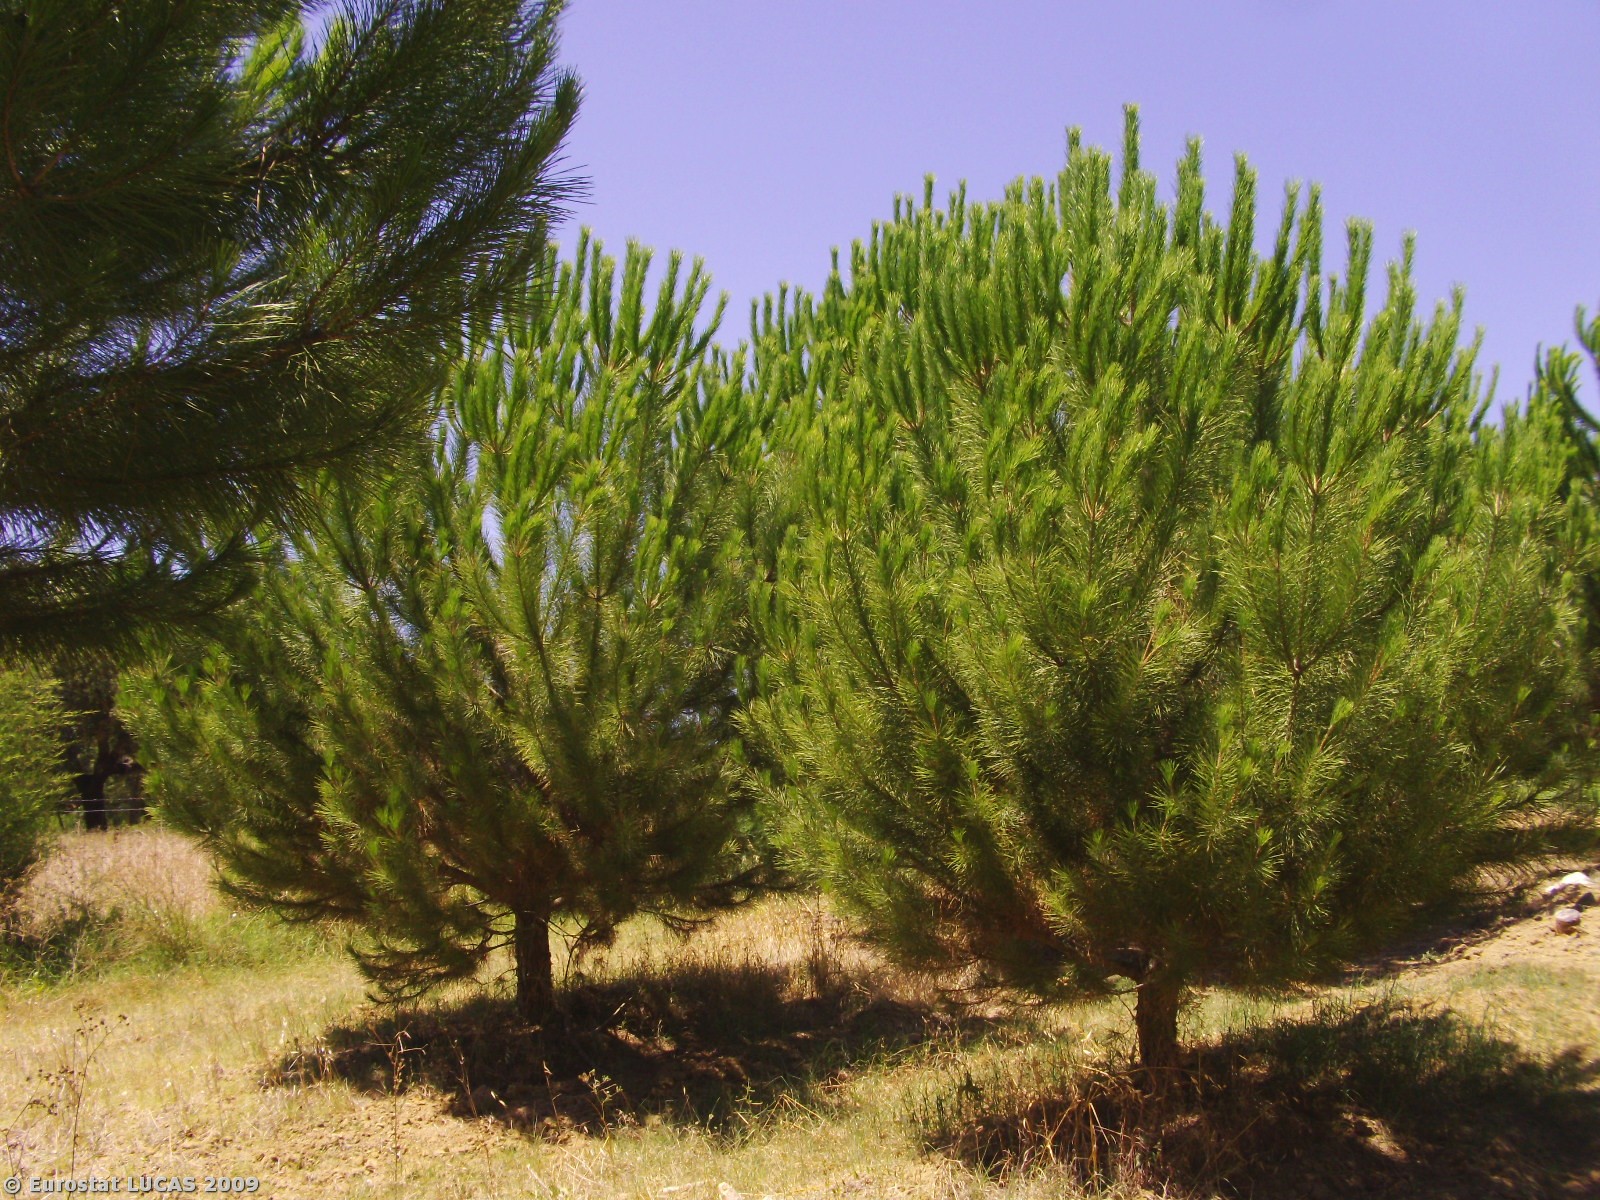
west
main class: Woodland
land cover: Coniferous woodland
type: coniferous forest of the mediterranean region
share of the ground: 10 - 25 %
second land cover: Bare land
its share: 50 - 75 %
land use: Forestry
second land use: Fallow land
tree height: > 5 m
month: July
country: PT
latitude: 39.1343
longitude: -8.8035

====

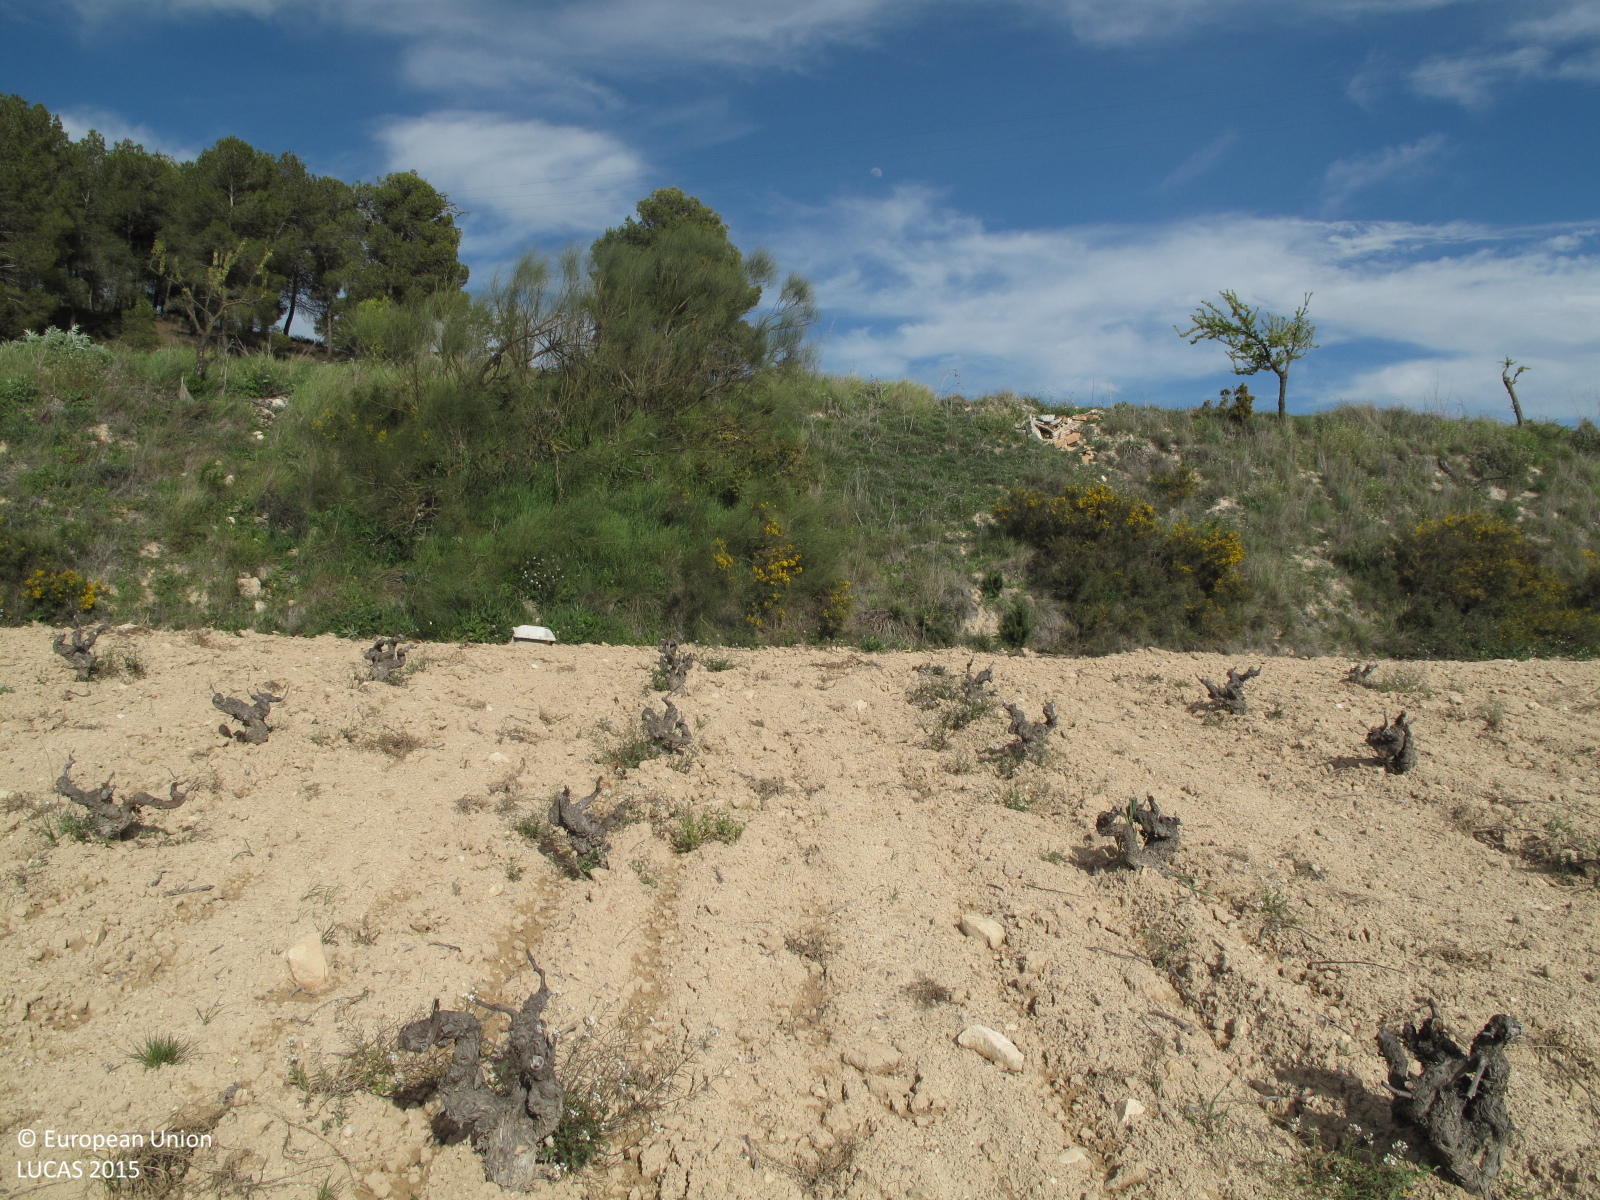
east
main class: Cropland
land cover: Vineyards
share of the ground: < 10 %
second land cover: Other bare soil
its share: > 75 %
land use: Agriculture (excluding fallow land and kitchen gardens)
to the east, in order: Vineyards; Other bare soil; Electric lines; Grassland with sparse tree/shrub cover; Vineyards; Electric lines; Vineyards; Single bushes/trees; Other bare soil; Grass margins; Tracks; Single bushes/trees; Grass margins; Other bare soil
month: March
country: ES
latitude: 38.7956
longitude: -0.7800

====

**What is being asked**
Keep both end lines and retype everything in the records above from the line containing "type: coniferous forest" through the line containing "longitude: -8.8035", exactly, with nothing else.

**Task response**
type: coniferous forest of the mediterranean region
share of the ground: 10 - 25 %
second land cover: Bare land
its share: 50 - 75 %
land use: Forestry
second land use: Fallow land
tree height: > 5 m
month: July
country: PT
latitude: 39.1343
longitude: -8.8035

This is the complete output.